__Work request__: Wherever the line with "<!DOCTYPE svg PUBLIC" sits in the listing below, transcribe from it up to and including the line with "0l35509 0 0", exactly, and leave the remaining lines out.

__Provided records__:
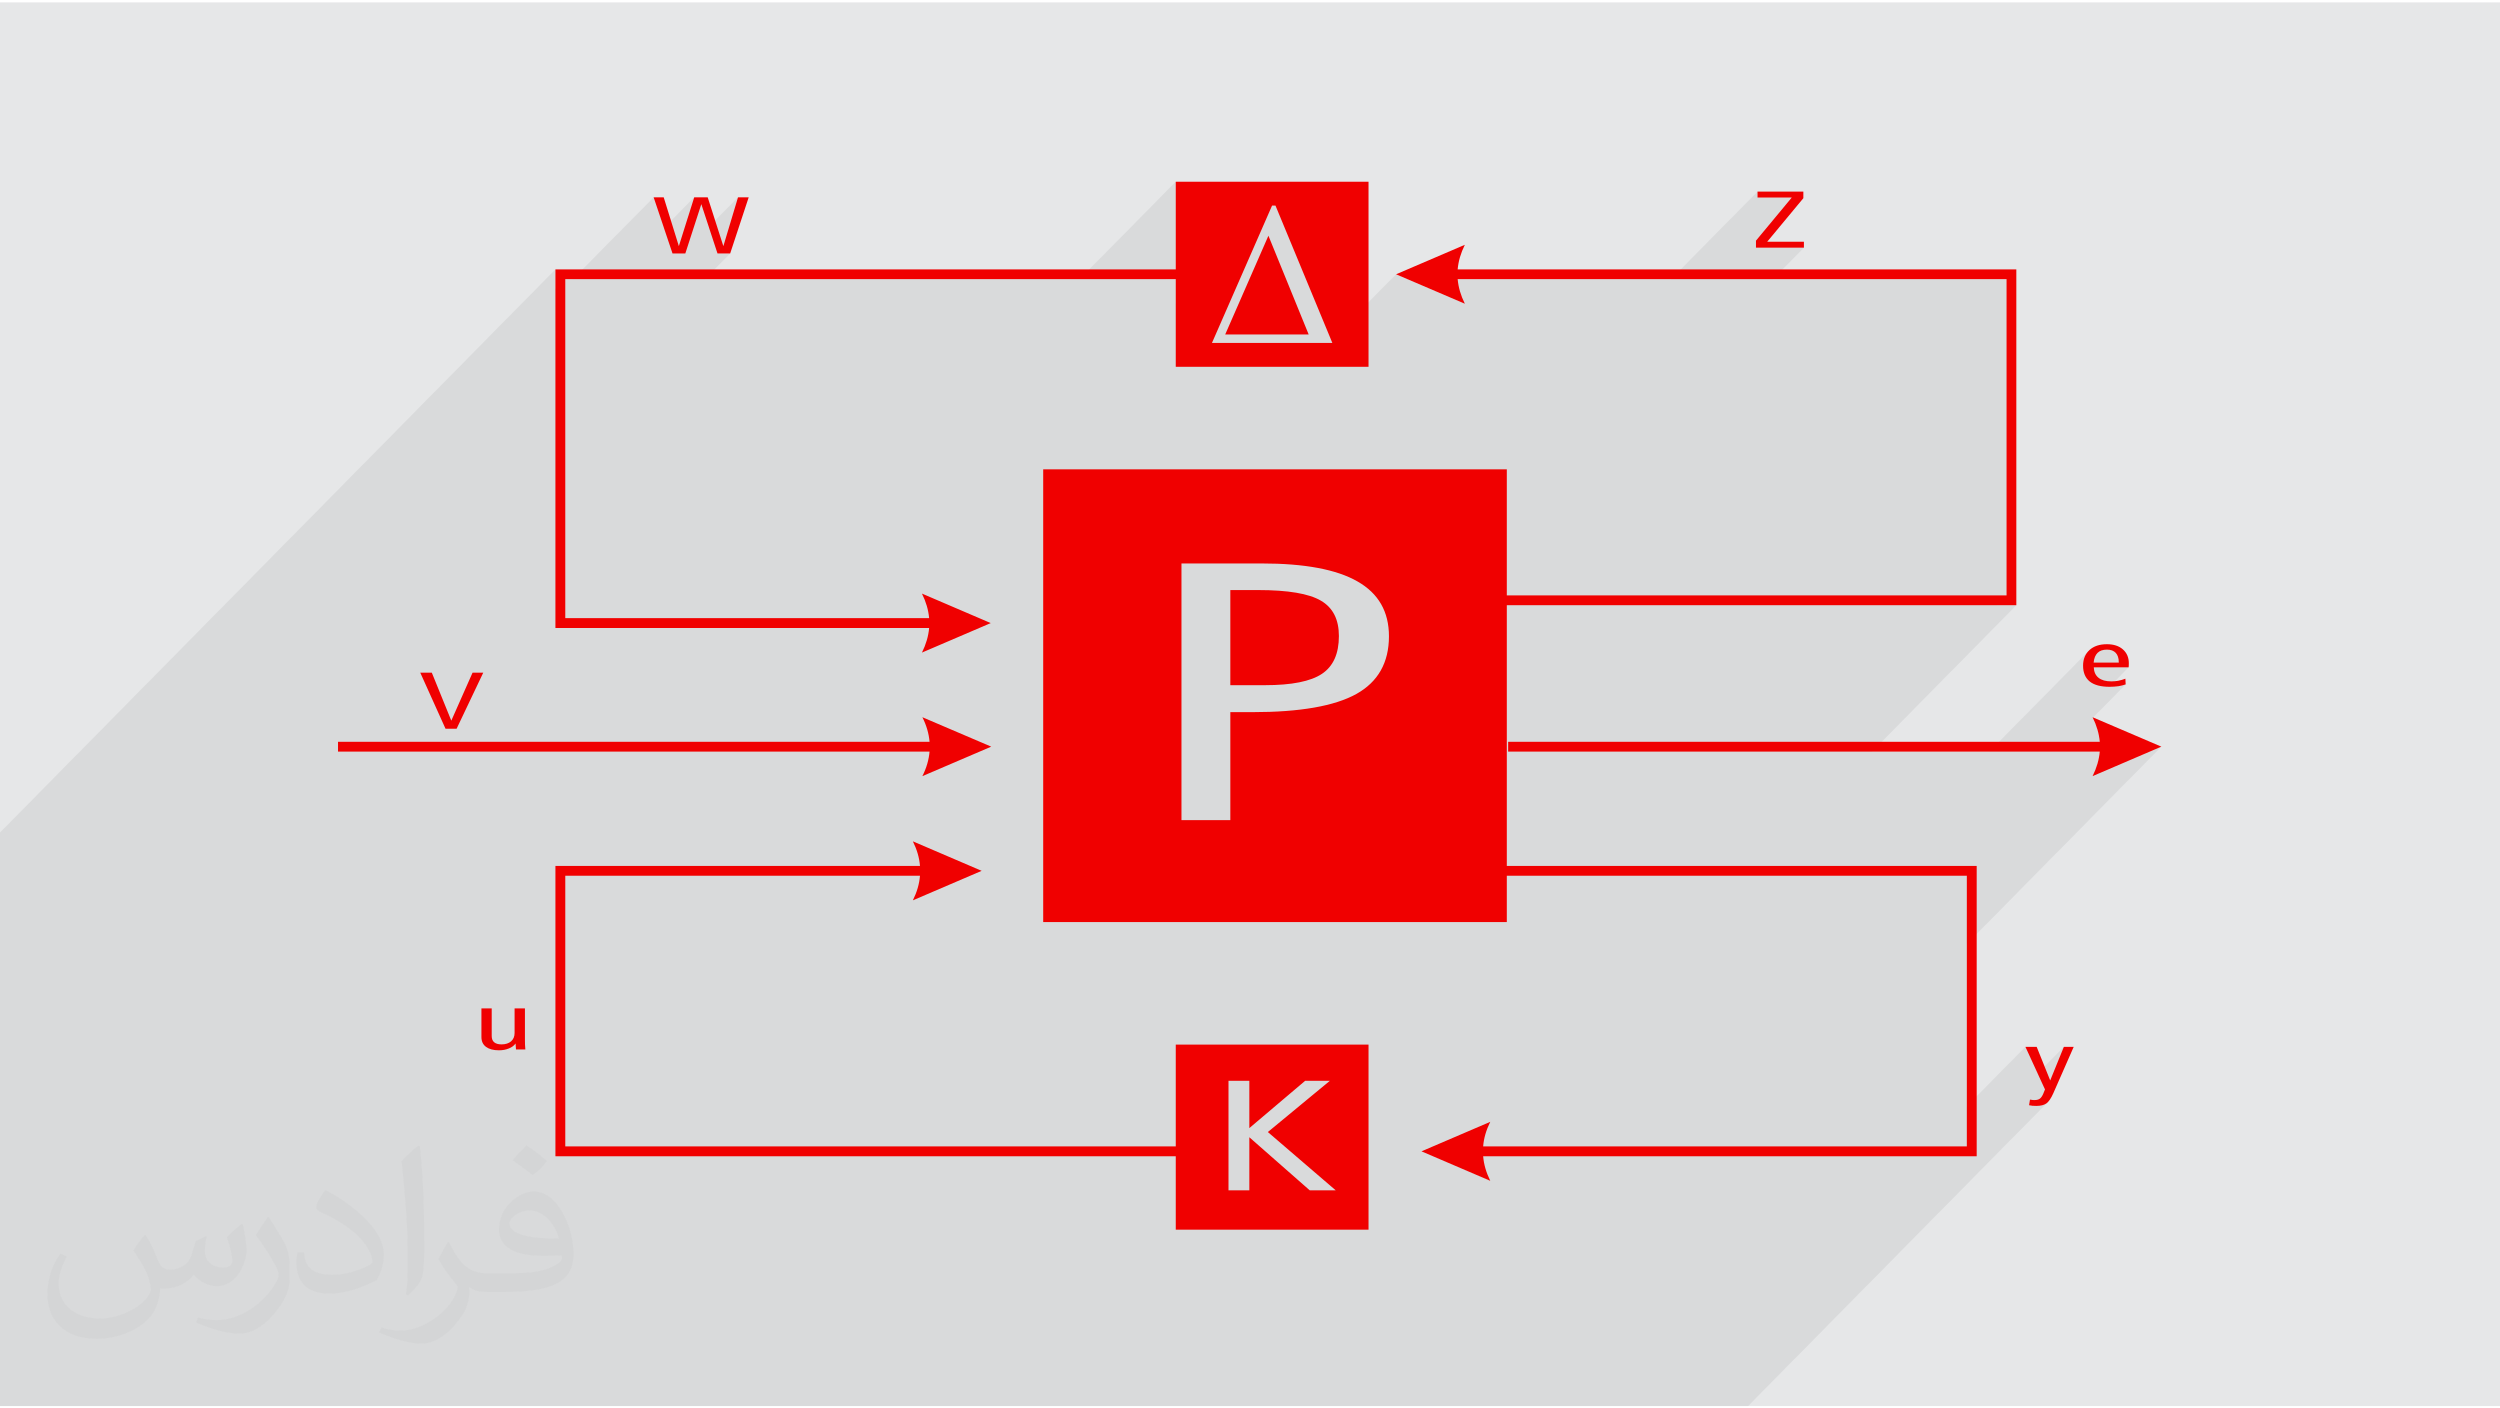 <?xml version="1.0" encoding="UTF-8"?>
<!DOCTYPE svg PUBLIC "-//W3C//DTD SVG 1.0//EN" "http://www.w3.org/TR/2001/REC-SVG-20010904/DTD/svg10.dtd">
<!-- Creator: CorelDRAW 2017 -->
<svg xmlns="http://www.w3.org/2000/svg" xml:space="preserve" width="355px" height="200px" version="1.0" shape-rendering="geometricPrecision" text-rendering="geometricPrecision" image-rendering="optimizeQuality" fill-rule="evenodd" clip-rule="evenodd"
viewBox="0 0 35509 19937"
 xmlns:xlink="http://www.w3.org/1999/xlink">
 <g id="Layer_x0020_1">
  <g id="_2363547389520">
   <path fill="#E6E7E8" d="M0 0l35509 0 0 19937 -35509 0 0 -19937z"/>
   <path fill="#373435" fill-opacity="0.078" d="M16700 2547l-1366 1384 -5323 0 360 -365 -180 0 -5 -15 88 -89 208 -693 -415 421 -106 -324 -193 195 92 -292 -430 435 -146 -435 -1147 1162 -108 0 -140 142 0 -281 -7889 7999 0 281 0 110 0 584 0 199 0 274 0 12 0 146 0 38 0 444 0 20 0 183 0 1287 0 140 0 63 0 754 0 376 0 32 0 151 0 7 0 2587 0 458 322 0 277 0 177 0 138 0 337 0 16 0 32 0 322 0 74 0 19 0 24 0 132 0 210 0 61 0 9 0 10 0 58 0 25 0 3 0 27 0 24 0 36 0 57 0 77 0 73 0 564 0 347 0 125 0 321 0 77 0 58 0 3 0 242 0 112 0 70 0 382 0 39 0 38 0 59 0 78 0 309 0 137 0 137 0 243 0 163 0 401 0 931 0 355 0 24 0 194 0 84 0 4 0 482 0 14 0 82 0 99 0 554 0 78 0 49 0 788 0 1453 0 479 0 138 0 461 0 178 0 170 0 126 0 12 0 651 0 121 0 8 0 1 0 188 0 59 0 104 0 290 0 101 0 1226 0 672 0 346 0 176 0 277 0 146 0 446 0 1075 0 155 0 148 0 109 0 179 0 207 0 187 0 10 0 425 0 11 0 138 0 242 0 564 0 2274 0 546 0 16 0 241 0 20 0 17 0 30 0 5 0 37 0 14 0 6 0 157 0 4 0 4260 -4319 -13 12 -12 10 -14 8 -14 7 -16 6 -17 4 -18 4 -20 3 -20 1 -22 1 -7 0 -7 0 -7 0 -7 -1 -7 0 -7 0 -6 -1 -1 0 110 -111 6 -7 6 -8 6 -9 6 -9 5 -11 6 -11 27 -66 -16 -36 90 -92 194 -477 -372 378 -174 -378 -832 844 0 -2306 2763 -2802 -977 419 21 -44 18 -43 16 -44 14 -44 12 -43 9 -44 7 -43 5 -44 -138 0 138 -139 -5 -44 -7 -43 -9 -44 -12 -43 -14 -44 -16 -44 -18 -43 -17 -37 466 -473 -12 4 -13 4 -12 4 -13 3 -14 3 -13 3 -14 2 -14 3 -14 2 -15 1 -15 2 -15 1 -15 1 -16 1 -16 0 -16 0 -4 0 273 -277 -207 0 67 -67 0 -5 -1 -21 -2 -20 -3 -19 -5 -17 -6 -16 -8 -15 -8 -13 -10 -12 -12 -11 -12 -9 -14 -8 -15 -7 -16 -5 -18 -3 -18 -3 -20 0 -21 0 -20 3 -18 3 -17 5 -16 7 -14 8 -14 9 -12 10 -206 209 -1 -27 2 -34 4 -32 7 -30 10 -29 13 -27 16 -25 18 -23 22 -22 -1423 1443 -1667 0 2050 -2079 -277 0 138 -139 0 -4492 -3319 0 441 -447 -681 0 0 -100 508 -612 -486 0 0 -85 -1228 1244 -3031 0 -212 215 -663 -284 -922 934 -791 -1910 -48 0 -1368 1387 0 -342 -138 0 138 -139 0 -1245z"/>
   <path fill="#F00000" d="M19438 2547l-2738 0 0 1245 -8811 0 0 5094 5308 0c-10,116 -44,232 -102,349l977 -419 -977 -419c58,117 92,233 102,349l-5168 0 0 -4815 8671 0 0 1245 2738 0 0 -2629zm-12600 11742l146 0 0 392c0,40 12,70 35,89 24,20 58,30 105,30 57,0 102,-15 135,-43 33,-29 50,-68 50,-118l0 -4 0 -346 147 0 0 436c0,27 0,52 1,77 2,24 3,47 5,70l-133 0c-2,-11 -3,-30 -4,-57 -1,-12 -1,-21 -2,-28 -22,31 -54,55 -96,71 -41,17 -88,26 -140,26 -80,0 -141,-17 -184,-49 -44,-33 -65,-79 -65,-140l0 -406zm21930 546l160 0 192 477 194 -477 140 0 -290 660c-33,73 -66,122 -100,145 -34,23 -81,34 -141,34 -20,0 -38,-1 -54,-2 -17,-2 -33,-4 -49,-8l13 -80c17,3 29,4 39,6 9,1 17,1 24,1 32,0 57,-6 75,-19 18,-12 34,-35 48,-66l27 -66 -278 -605zm1466 -5391l-495 0c3,66 25,115 68,149 42,34 102,51 181,51 33,0 66,-3 99,-9 33,-6 66,-16 101,-29l4 81c-32,11 -67,20 -105,26 -38,5 -78,8 -122,8 -126,0 -220,-25 -283,-75 -63,-51 -95,-126 -95,-226 0,-93 31,-167 92,-222 61,-55 143,-82 247,-82 94,0 170,24 226,73 56,49 85,115 85,197 0,18 0,31 -1,38 0,8 -1,14 -2,20zm-140 -67l0 -5c0,-58 -15,-103 -43,-133 -29,-31 -71,-46 -125,-46 -57,0 -101,15 -132,45 -32,31 -51,77 -57,139l357 0zm-24125 143l164 0 277 682 302 -682 152 0 -379 797 -157 0 -359 -797zm4665 -6751l-152 0 -208 693 -222 -693 -192 0 -218 693 -215 -693 -143 0 268 797 182 0 227 -700 230 700 180 0 263 -797zm14329 -82l651 0 0 94 -513 618 521 0 0 85 -681 0 0 -100 508 -612 -486 0 0 -85zm-4773 13632l977 -419c-58,117 -92,233 -101,349l6870 0 0 -3844 -6534 0 0 658 -6585 0 0 -6431 6585 0 0 1791 7098 0 0 -4492 -7796 0c10,116 44,232 102,349l-977 -418 977 -419c-58,117 -92,233 -102,349l7935 0 0 4770 -7237 0 0 3703 6674 0 0 4124 -7010 0c9,115 43,231 101,349l-977 -419zm-752 -1516l-2738 0 0 1446 -8671 0 0 -3844 5038 0c-9,115 -43,232 -101,349l977 -419 -977 -419c58,117 92,233 101,349l-5178 0 0 4124 70 0 8741 0 0 1043 2738 0 0 -2629zm-1989 514l296 0 0 672 793 -672 351 0 -881 728 964 828 -369 0 -858 -754 0 754 -296 0 0 -1556zm13250 -4746l-977 419c58,-117 92,-233 102,-349l-8403 0 0 -139 8403 0c-10,-116 -44,-232 -102,-349l977 418zm-16620 0l-978 419c59,-117 92,-233 102,-349l-8402 0 0 -139 8402 0c-10,-116 -43,-232 -102,-349l978 418zm3396 -2224l0 1351 493 0c379,0 648,-54 808,-161 161,-107 241,-286 241,-537 0,-235 -84,-402 -255,-502 -171,-101 -469,-151 -892,-151l-395 0zm-694 -378l1140 0c611,0 1064,85 1361,256 298,170 446,429 446,778 0,375 -155,648 -463,820 -310,172 -801,258 -1475,258l-315 0 0 1534 -694 0 0 -3646zm433 -3132l854 -1951 48 0 808 1951 -1710 0zm1374 -120l-572 -1403 -614 1403 1186 0z"/>
   <path fill="#373435" fill-opacity="0.031" d="M2068 17507c68,103 111,202 155,311 31,63 48,183 199,183 43,0 106,-15 162,-45 63,-33 111,-83 135,-159l61 -202 145 -72 10 11c-20,76 -25,148 -25,205 0,169 146,233 262,233 68,0 128,-33 128,-95 0,-80 -34,-216 -77,-337 68,-68 135,-136 213,-191l12 6c34,144 53,286 53,380 0,93 -41,196 -75,264 -70,131 -194,236 -344,236 -113,0 -239,-57 -326,-162l-5 0c-83,101 -209,193 -412,193l-63 0c-9,134 -39,229 -82,313 -121,237 -479,403 -816,403 -470,0 -704,-271 -704,-631 0,-223 72,-430 184,-577l92 37c-71,134 -117,262 -117,385 0,338 274,498 591,498 293,0 656,-187 722,-403 -25,-237 -114,-348 -250,-564 41,-72 95,-144 160,-220l12 0zm5408 -1272c100,62 197,136 291,221 -53,74 -119,142 -201,201 -94,-76 -189,-142 -286,-212 66,-74 131,-146 196,-210zm51 924c-159,0 -290,105 -290,183 0,167 319,219 702,216 -49,-195 -216,-399 -412,-399zm-358 893c208,0 390,-6 528,-41 155,-39 285,-117 285,-171 0,-14 0,-31 -4,-45 -88,8 -187,8 -274,8 -281,0 -496,-64 -581,-222 -22,-43 -36,-93 -36,-148 0,-152 65,-303 181,-405 97,-85 204,-138 313,-138 196,0 353,158 462,407 60,136 102,292 102,490 0,131 -37,243 -119,325 -153,148 -433,204 -864,204l-196 0 0 0 -51 0c-107,0 -184,-19 -245,-66l-9 0c2,24 5,49 5,72 0,97 -32,220 -97,319 -192,286 -400,409 -579,409 -181,0 -404,-70 -605,-160l36 -70c66,27 155,45 279,45 324,0 750,-313 803,-617 -12,-25 -34,-58 -65,-93 -94,-113 -155,-208 -211,-306 49,-95 92,-171 134,-239l16 -2c138,282 264,444 545,444l44 0 0 0 203 0zm-1405 299c25,-130 27,-276 27,-412l0 -202c0,-376 -48,-923 -87,-1279 68,-75 162,-161 237,-219l22 7c51,448 63,969 63,1448 0,126 -5,249 -17,340 -7,113 -73,199 -213,331l-32 -14zm-1445 -595c7,177 94,317 397,317 189,0 348,-50 525,-134 31,-14 48,-33 48,-49 0,-111 -84,-258 -227,-391 -138,-126 -322,-237 -494,-311 -58,-25 -77,-51 -77,-76 0,-52 67,-159 123,-235l19 -2c197,103 417,255 579,426 148,157 240,315 240,488 0,127 -39,249 -102,360 -215,109 -445,191 -673,191 -276,0 -465,-129 -465,-434 0,-33 0,-84 12,-150l95 0zm-500 -502l172 278c63,102 121,214 121,391l0 226c0,183 -116,379 -305,572 -148,132 -278,187 -399,187 -179,0 -385,-55 -622,-158l26 -70c75,20 162,37 269,37 341,-2 690,-251 850,-556 19,-35 26,-68 26,-90 0,-35 -19,-74 -34,-109 -87,-165 -184,-315 -290,-453 55,-88 111,-173 172,-257l14 2z"/>
  </g>
 </g>
</svg>

__The answer__:
<!DOCTYPE svg PUBLIC "-//W3C//DTD SVG 1.0//EN" "http://www.w3.org/TR/2001/REC-SVG-20010904/DTD/svg10.dtd">
<!-- Creator: CorelDRAW 2017 -->
<svg xmlns="http://www.w3.org/2000/svg" xml:space="preserve" width="355px" height="200px" version="1.0" shape-rendering="geometricPrecision" text-rendering="geometricPrecision" image-rendering="optimizeQuality" fill-rule="evenodd" clip-rule="evenodd"
viewBox="0 0 35509 19937"
 xmlns:xlink="http://www.w3.org/1999/xlink">
 <g id="Layer_x0020_1">
  <g id="_2363547389520">
   <path fill="#E6E7E8" d="M0 0l35509 0 0 19937 -35509 0 0 -19937z"/>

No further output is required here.